Your instructions
Where does the word "plot" show up in the records? Copy every line that holds it.

Working data

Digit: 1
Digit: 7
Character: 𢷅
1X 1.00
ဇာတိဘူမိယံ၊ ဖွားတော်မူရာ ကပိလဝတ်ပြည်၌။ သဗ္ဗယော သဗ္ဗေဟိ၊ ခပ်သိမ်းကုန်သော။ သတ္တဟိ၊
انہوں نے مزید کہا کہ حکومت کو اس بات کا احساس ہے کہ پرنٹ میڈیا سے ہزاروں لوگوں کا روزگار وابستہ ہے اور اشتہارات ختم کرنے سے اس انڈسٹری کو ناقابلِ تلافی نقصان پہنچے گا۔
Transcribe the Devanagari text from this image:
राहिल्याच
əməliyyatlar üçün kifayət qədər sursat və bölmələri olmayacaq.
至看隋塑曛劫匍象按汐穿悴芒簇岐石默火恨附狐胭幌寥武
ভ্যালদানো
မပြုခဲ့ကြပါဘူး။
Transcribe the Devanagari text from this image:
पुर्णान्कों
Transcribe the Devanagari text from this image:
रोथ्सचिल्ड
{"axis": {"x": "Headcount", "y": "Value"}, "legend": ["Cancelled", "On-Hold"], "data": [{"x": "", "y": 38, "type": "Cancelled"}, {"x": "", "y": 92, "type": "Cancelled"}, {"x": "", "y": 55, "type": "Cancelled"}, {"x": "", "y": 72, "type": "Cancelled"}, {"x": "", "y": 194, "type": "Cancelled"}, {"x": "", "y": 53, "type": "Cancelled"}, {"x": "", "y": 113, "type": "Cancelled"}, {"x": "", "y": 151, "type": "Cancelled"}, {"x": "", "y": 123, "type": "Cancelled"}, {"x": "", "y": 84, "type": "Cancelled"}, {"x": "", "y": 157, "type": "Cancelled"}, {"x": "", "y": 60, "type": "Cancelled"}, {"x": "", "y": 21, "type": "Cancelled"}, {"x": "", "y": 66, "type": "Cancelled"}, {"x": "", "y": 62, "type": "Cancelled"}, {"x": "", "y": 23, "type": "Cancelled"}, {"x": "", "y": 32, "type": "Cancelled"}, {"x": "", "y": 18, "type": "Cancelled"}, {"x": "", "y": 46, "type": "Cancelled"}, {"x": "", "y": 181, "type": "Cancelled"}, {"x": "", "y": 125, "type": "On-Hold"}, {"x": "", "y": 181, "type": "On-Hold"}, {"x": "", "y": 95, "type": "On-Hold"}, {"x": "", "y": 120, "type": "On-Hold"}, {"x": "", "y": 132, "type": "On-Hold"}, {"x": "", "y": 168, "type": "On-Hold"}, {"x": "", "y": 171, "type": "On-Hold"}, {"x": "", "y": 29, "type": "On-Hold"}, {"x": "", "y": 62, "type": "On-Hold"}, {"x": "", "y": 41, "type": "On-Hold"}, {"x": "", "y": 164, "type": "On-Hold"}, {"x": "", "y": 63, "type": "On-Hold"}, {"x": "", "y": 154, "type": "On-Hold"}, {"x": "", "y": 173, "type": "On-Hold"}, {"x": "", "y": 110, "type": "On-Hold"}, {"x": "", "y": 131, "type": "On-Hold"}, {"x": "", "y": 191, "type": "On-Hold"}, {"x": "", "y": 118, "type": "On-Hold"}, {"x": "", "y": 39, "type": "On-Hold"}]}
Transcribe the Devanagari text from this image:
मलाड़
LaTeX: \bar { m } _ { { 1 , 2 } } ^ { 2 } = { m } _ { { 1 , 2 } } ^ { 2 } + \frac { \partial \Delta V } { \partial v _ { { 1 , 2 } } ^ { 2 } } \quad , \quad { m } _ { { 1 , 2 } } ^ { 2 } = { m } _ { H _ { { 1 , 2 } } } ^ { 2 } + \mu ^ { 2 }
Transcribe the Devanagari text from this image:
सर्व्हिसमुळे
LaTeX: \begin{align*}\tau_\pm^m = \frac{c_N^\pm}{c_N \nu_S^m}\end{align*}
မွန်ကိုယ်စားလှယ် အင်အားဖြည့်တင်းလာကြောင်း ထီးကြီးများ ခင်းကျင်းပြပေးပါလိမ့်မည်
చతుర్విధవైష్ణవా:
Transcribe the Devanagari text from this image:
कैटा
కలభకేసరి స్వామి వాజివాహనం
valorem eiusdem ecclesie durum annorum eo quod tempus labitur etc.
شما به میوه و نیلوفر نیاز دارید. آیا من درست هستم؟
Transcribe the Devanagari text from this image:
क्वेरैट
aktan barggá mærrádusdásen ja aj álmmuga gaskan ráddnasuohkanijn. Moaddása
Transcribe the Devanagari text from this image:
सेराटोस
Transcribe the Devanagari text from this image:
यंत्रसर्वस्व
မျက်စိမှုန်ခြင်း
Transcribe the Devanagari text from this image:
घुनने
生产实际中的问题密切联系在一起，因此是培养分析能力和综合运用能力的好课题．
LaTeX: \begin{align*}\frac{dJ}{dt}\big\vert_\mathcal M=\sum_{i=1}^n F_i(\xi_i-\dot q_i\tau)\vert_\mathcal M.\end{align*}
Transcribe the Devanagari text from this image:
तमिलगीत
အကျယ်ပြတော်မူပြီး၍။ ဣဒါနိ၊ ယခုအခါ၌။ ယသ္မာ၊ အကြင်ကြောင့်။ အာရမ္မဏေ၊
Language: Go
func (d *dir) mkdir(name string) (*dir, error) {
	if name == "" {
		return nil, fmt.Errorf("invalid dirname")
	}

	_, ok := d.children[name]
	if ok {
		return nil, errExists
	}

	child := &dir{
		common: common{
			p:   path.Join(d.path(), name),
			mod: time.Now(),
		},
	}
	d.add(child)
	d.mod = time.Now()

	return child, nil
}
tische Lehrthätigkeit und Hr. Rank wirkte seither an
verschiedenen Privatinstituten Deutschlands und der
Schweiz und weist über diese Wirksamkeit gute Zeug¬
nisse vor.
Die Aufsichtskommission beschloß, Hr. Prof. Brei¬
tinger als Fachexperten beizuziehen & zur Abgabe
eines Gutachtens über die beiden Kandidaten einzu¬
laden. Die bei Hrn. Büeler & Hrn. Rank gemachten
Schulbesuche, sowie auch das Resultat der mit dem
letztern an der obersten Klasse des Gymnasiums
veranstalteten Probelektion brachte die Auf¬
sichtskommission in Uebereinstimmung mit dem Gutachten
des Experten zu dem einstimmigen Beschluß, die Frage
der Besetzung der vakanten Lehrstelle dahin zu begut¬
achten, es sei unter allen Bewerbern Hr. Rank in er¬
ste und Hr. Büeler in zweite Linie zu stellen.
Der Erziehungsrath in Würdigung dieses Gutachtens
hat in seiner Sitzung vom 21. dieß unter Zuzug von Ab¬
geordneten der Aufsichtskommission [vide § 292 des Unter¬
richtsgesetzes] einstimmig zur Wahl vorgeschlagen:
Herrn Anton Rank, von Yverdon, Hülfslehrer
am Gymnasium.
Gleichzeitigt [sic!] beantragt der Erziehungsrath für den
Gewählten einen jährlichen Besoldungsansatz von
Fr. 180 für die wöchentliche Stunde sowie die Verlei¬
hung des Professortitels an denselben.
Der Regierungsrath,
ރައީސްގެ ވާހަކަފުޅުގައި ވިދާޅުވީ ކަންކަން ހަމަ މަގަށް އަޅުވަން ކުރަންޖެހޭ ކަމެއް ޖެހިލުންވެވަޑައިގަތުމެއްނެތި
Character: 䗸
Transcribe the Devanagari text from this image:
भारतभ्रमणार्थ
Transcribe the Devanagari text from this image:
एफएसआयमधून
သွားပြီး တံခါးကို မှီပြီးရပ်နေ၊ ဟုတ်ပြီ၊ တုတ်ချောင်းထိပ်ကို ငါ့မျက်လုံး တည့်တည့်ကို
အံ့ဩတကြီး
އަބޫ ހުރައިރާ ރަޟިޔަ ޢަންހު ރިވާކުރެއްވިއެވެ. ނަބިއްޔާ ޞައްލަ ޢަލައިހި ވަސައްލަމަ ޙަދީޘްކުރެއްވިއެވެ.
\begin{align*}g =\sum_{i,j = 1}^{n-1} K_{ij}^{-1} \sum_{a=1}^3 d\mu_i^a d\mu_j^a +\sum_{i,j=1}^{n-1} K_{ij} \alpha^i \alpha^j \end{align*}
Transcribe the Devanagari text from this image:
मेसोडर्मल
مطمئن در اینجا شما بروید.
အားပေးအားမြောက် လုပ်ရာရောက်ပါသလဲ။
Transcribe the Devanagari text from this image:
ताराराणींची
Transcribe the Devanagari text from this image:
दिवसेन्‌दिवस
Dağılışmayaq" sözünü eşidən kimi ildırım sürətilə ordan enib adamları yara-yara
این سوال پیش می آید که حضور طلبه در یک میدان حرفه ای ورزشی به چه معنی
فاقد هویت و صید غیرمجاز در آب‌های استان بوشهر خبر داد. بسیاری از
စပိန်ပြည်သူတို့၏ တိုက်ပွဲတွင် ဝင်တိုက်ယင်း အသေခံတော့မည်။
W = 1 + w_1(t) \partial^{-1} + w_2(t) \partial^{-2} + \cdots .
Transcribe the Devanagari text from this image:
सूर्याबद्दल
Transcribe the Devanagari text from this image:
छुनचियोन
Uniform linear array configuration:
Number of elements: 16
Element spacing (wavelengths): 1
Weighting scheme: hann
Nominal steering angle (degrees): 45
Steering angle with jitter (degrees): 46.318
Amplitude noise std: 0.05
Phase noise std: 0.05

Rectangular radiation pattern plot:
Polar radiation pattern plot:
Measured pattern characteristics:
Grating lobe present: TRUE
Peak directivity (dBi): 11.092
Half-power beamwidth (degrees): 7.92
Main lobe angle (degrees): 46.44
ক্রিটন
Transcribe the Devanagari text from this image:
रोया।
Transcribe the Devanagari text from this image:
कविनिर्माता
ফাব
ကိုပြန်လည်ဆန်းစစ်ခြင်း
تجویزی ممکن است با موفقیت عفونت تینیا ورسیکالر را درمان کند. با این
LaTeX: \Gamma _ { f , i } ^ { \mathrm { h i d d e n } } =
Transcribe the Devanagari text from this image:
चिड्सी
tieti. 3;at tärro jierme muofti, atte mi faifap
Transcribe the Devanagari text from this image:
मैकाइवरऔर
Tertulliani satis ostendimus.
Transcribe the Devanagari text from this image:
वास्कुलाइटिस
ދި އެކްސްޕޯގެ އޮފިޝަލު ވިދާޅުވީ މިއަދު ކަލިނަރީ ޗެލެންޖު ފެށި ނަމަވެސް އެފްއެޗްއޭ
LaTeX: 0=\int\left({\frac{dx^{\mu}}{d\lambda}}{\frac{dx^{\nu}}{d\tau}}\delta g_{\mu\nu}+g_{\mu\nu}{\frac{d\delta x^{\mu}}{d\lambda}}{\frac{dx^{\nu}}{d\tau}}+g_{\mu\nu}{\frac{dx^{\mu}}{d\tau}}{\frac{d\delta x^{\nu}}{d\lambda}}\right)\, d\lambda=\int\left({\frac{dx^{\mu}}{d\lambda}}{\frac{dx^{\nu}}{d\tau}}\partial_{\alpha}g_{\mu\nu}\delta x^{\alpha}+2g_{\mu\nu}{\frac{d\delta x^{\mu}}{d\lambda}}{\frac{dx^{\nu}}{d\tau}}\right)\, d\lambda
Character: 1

Finished exercise
Rectangular radiation pattern plot:
Polar radiation pattern plot:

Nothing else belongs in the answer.